De eerste speler neemt dan de eerste kaart van zijn stapel en brengt die in het spel. Hij moet heel beknopt een verhaal vertellen op basis van de
getoonde afbeelding. Opgelet! Het is de bedoeling een verhaaltje uit te vinden en niet de afbeelding te beschrijven! Daarna is het aan de tweede speler. Hij neemt een kaart uit zijn stapel. Als zijn hoofdkleur overeenstemt met de hoofdkleur of met de twee geassocieerde kleuren (de twee rondjes, zie pagina 2) van de vorige kaart, dan mag hij zijn kaart in het spel brengen. Anders moet hij de bovenste kaart van de gemeenschappelijke stapel nemen.

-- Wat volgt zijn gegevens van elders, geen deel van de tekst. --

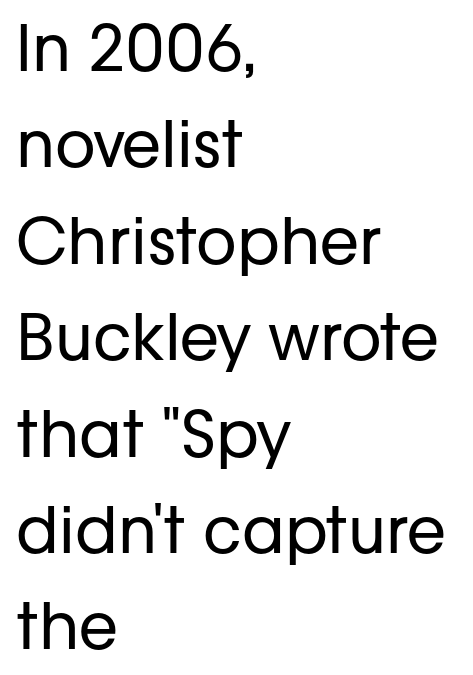
Observe the absence of serifs on each vertical stroke in this sample. Line spacing here is normal. Do the characters align in a grid? No, the font is proportional. Letter spacing: default. Line beginnings align vertically; line endings do not.
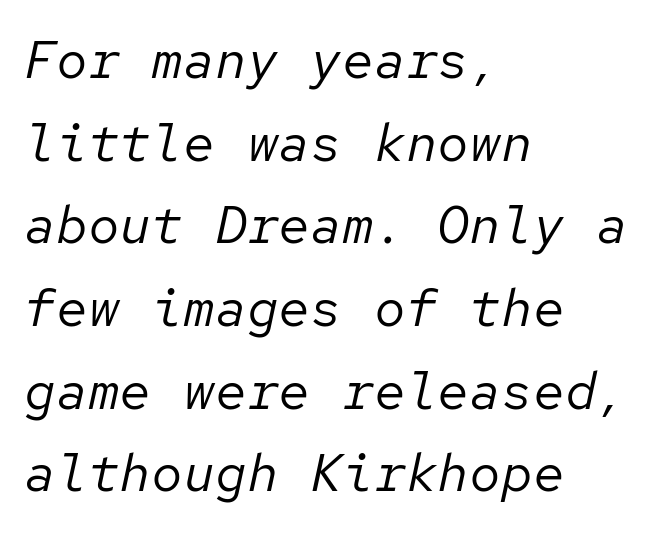
The image shows 53 px regular-weight type, italic (leaning right), monospaced; set left-aligned, normal line spacing (1.56x), normal letter spacing, not underlined; low stroke contrast and a medium x-height.

Dan zijn er twee mogelijkheden:
- Ofwel komt de hoofdkleur van de kaart overeen. Hij legt zijn nieuwe kaart dan op de vorige kaart en mag het verhaaltje verder vertellen, waarbij hij zich inspireert op de afbeelding van zijn eigen kaart. Hij houdt zijn eerste kaart dan in de hand.
- Ofwel stemt de hoofdkleur van de getrokken kaart niet overeen met de kleur van de kaart op tafel, noch met de geassocieerde kleuren. Hij houdt zijn twee kaarten dan in de hand en slaat zijn beurt over.
Daarna is het aan de volgende speler, enzovoort.
|
|
Elke beurt verloopt dus als volgt :
• De speler neemt de eerste kaart van zijn stapel (bij elke beurt, ongeacht het aantal kaarten dat hij in de hand heeft).
• Als de hoofdkleur overeenstemt, brengt hij zijn kaart in het spel.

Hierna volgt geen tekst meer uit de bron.